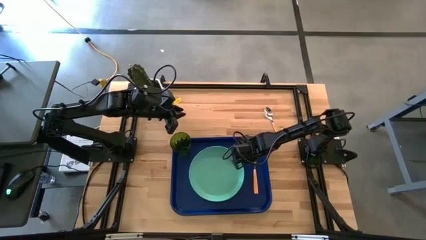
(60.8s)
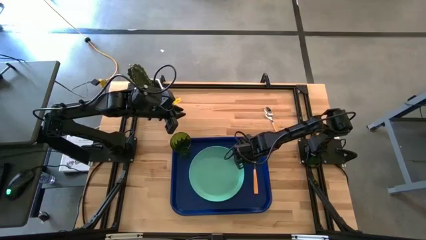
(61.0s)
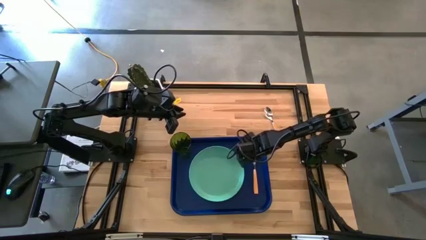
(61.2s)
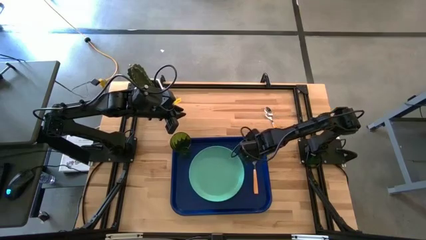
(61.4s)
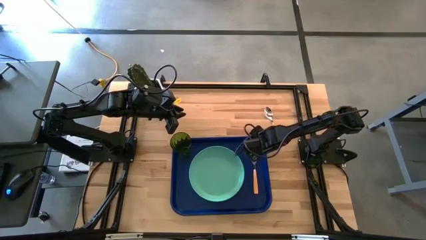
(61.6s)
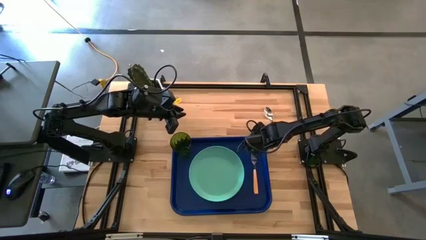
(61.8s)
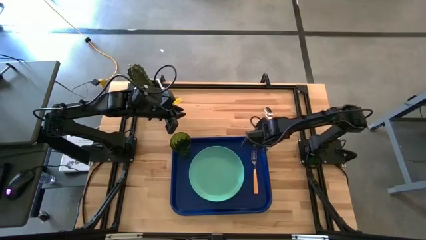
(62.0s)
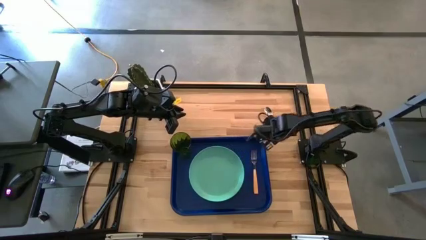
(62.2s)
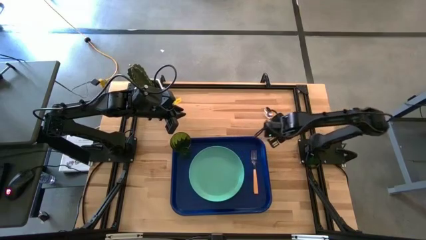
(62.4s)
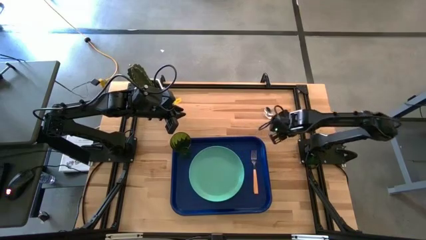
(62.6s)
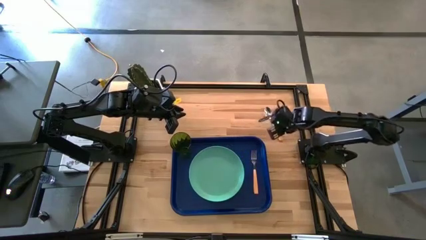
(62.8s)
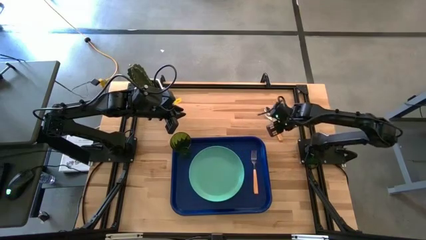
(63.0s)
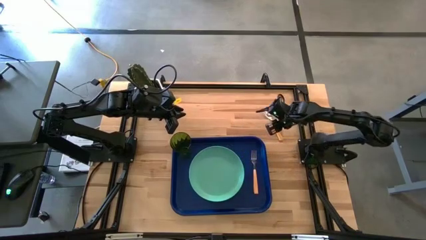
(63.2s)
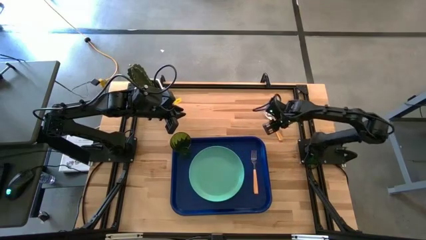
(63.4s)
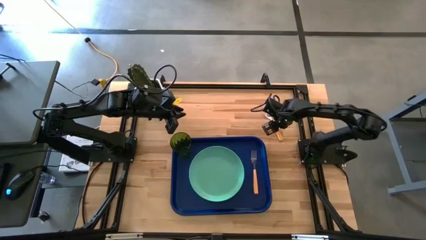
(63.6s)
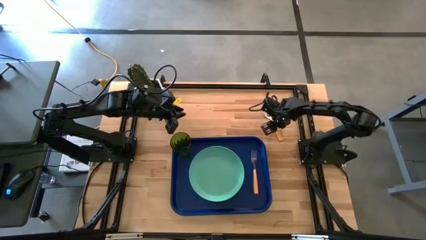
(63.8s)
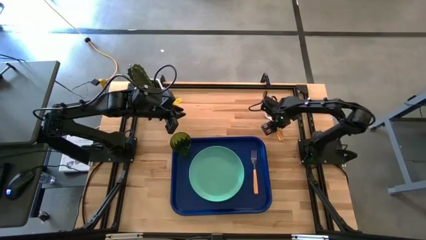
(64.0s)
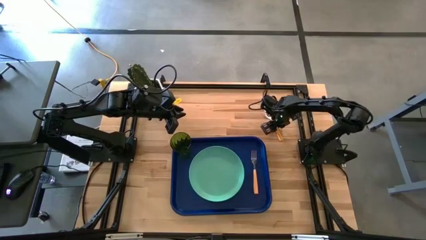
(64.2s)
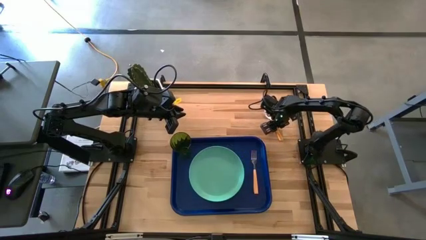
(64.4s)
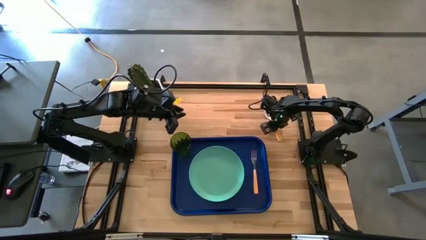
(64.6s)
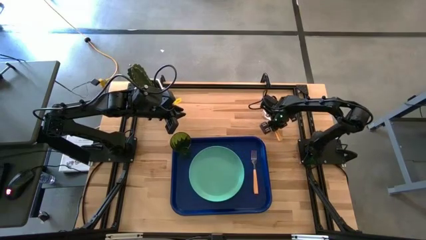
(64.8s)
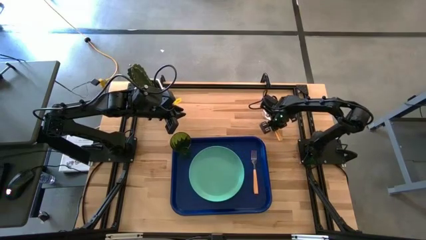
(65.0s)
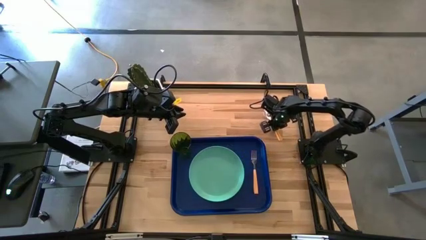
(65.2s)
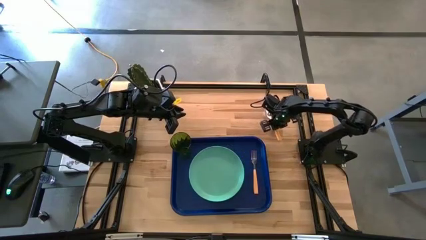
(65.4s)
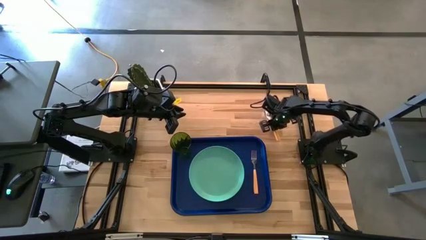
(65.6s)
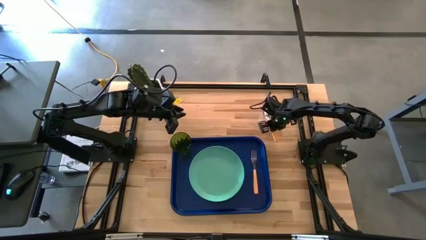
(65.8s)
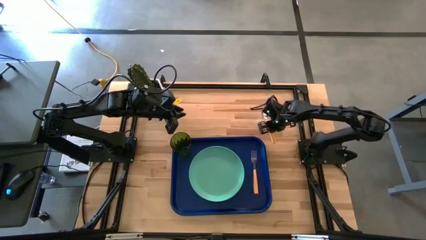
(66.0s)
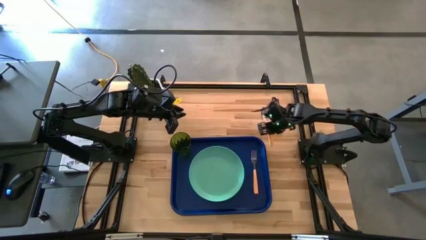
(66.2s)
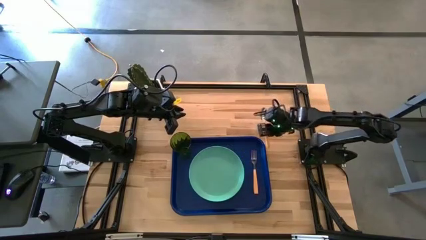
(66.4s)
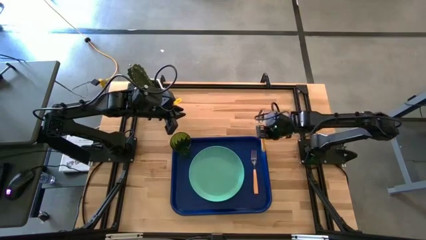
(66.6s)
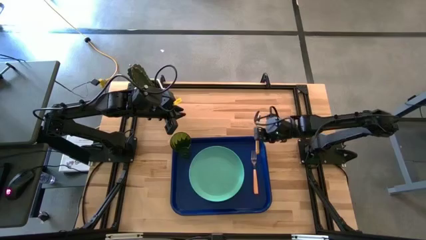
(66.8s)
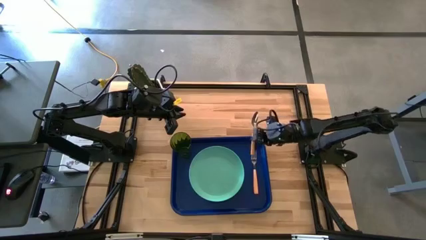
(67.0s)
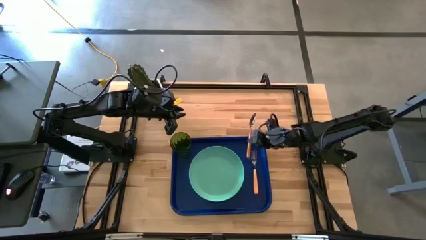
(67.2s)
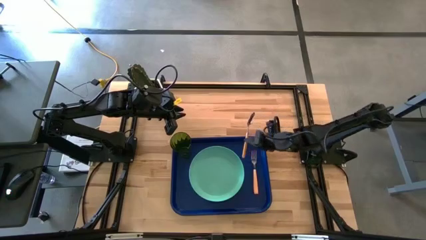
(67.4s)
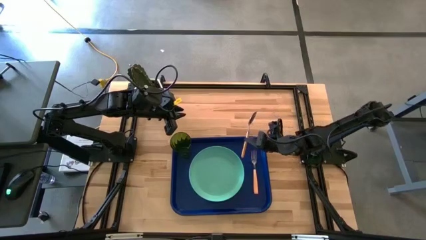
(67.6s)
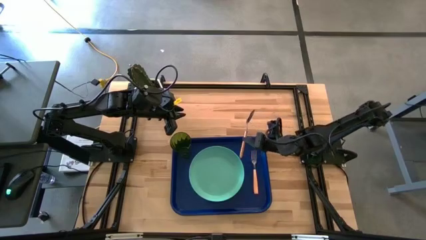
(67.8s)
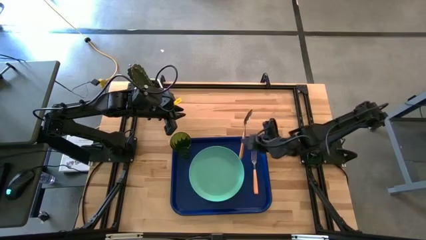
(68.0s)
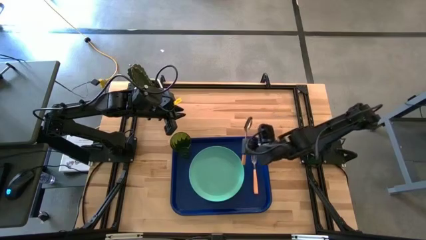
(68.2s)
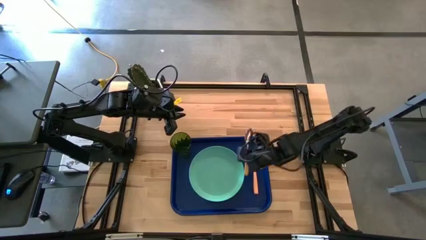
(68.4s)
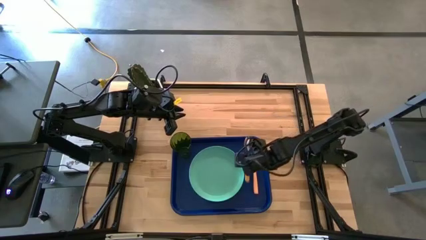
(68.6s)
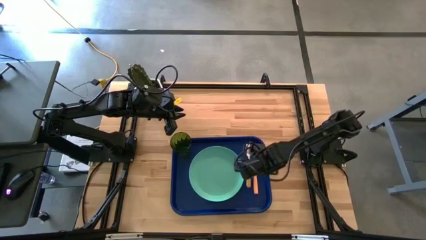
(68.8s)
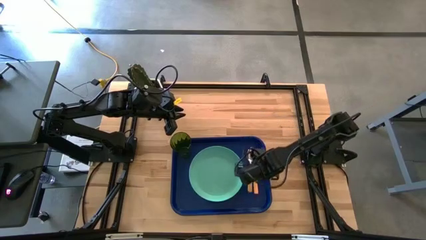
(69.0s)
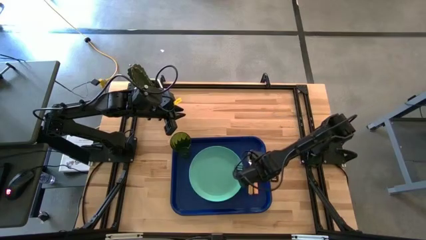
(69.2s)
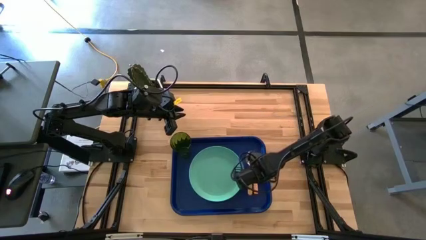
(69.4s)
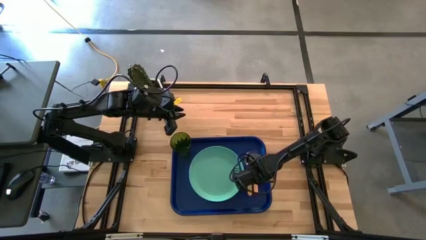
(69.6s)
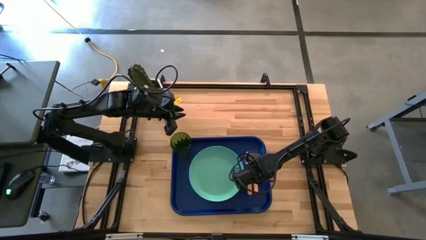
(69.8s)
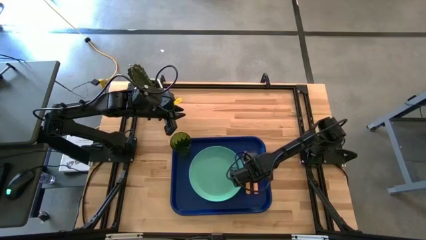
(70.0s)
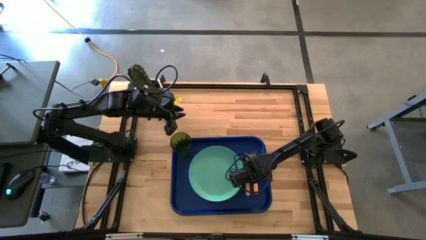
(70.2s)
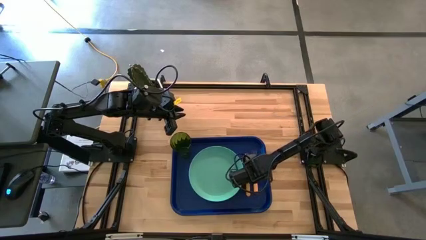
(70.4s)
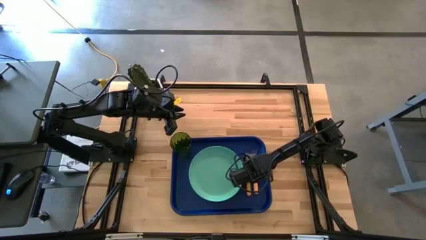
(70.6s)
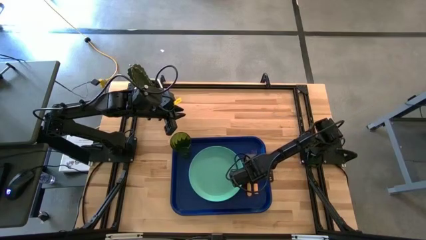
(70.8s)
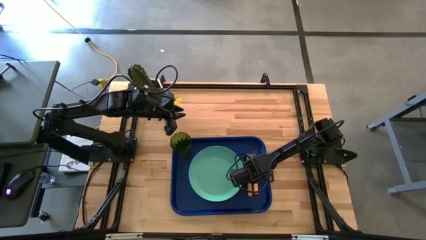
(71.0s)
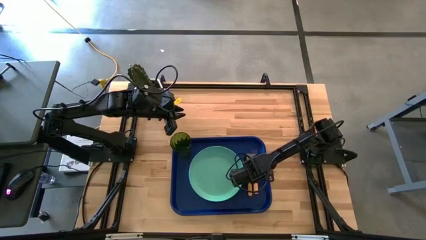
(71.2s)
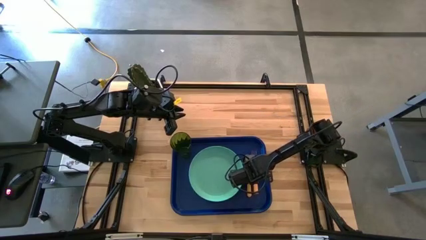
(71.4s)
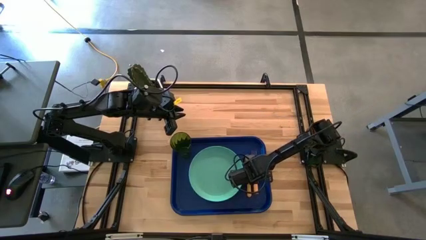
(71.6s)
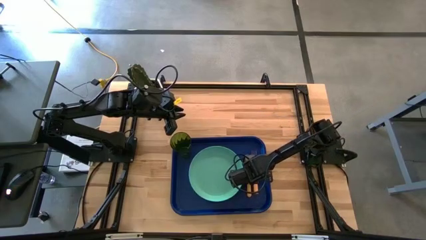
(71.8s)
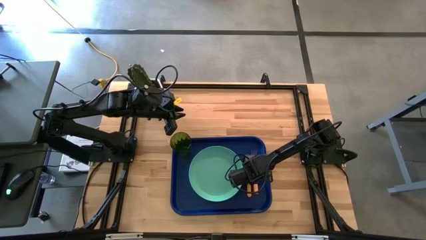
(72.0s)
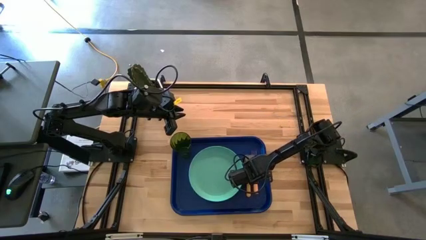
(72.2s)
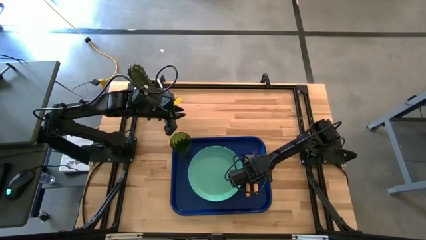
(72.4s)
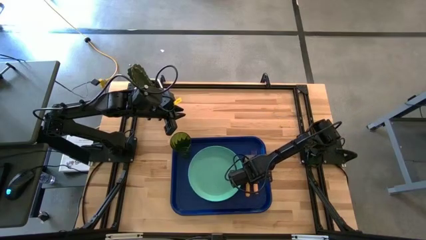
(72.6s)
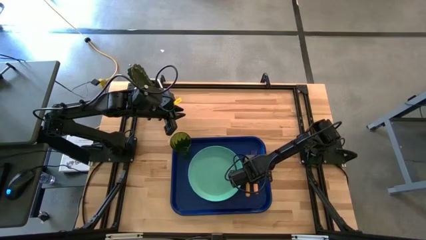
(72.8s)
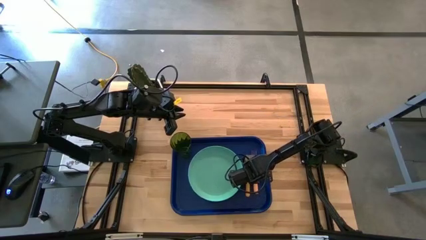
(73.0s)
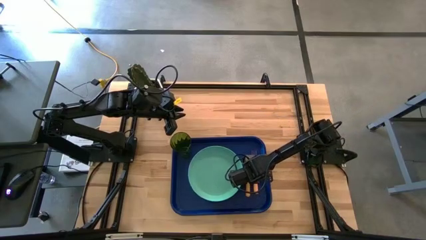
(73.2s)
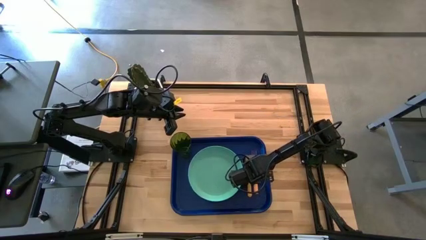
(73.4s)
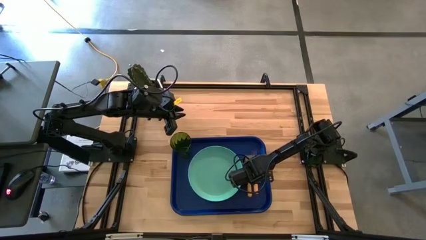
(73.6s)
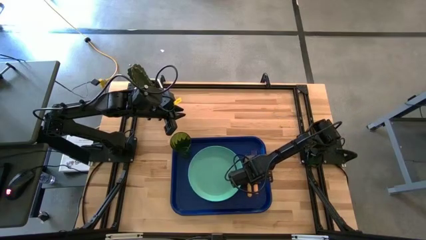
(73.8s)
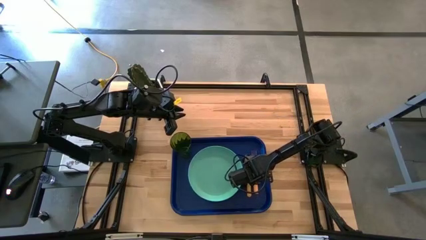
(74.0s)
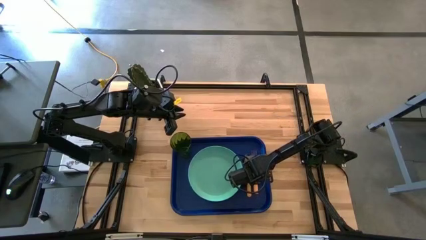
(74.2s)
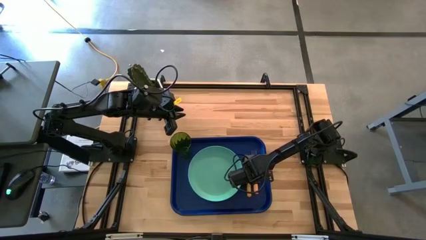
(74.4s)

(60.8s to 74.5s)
Task: Pick and place plate/cup/fork/spoon on tray
Put the orange spoon on the blue tray to the left of the yellow fork

* * * * * * * * *

**Goal of the exercise**
Every record must be duplicated exactly, except for the pictures, which are left out.

**Output for this exercise**
(60.8s)
(61.0s)
(61.2s)
(61.4s)
(61.6s)
(61.8s)
(62.0s)
(62.2s)
(62.4s)
(62.6s)
(62.8s)
(63.0s)
(63.2s)
(63.4s)
(63.6s)
(63.8s)
(64.0s)
(64.2s)
(64.4s)
(64.6s)
(64.8s)
(65.0s)
(65.2s)
(65.4s)
(65.6s)
(65.8s)
(66.0s)
(66.2s)
(66.4s)
(66.6s)
(66.8s)
(67.0s)
(67.2s)
(67.4s)
(67.6s)
(67.8s)
(68.0s)
(68.2s)
(68.4s)
(68.6s)
(68.8s)
(69.0s)
(69.2s)
(69.4s)
(69.6s)
(69.8s)
(70.0s)
(70.2s)
(70.4s)
(70.6s)
(70.8s)
(71.0s)
(71.2s)
(71.4s)
(71.6s)
(71.8s)
(72.0s)
(72.2s)
(72.4s)
(72.6s)
(72.8s)
(73.0s)
(73.2s)
(73.4s)
(73.6s)
(73.8s)
(74.0s)
(74.2s)
(74.4s)

(60.8s to 74.5s)
Task: Pick and place plate/cup/fork/spoon on tray
Put the orange spoon on the blue tray to the left of the yellow fork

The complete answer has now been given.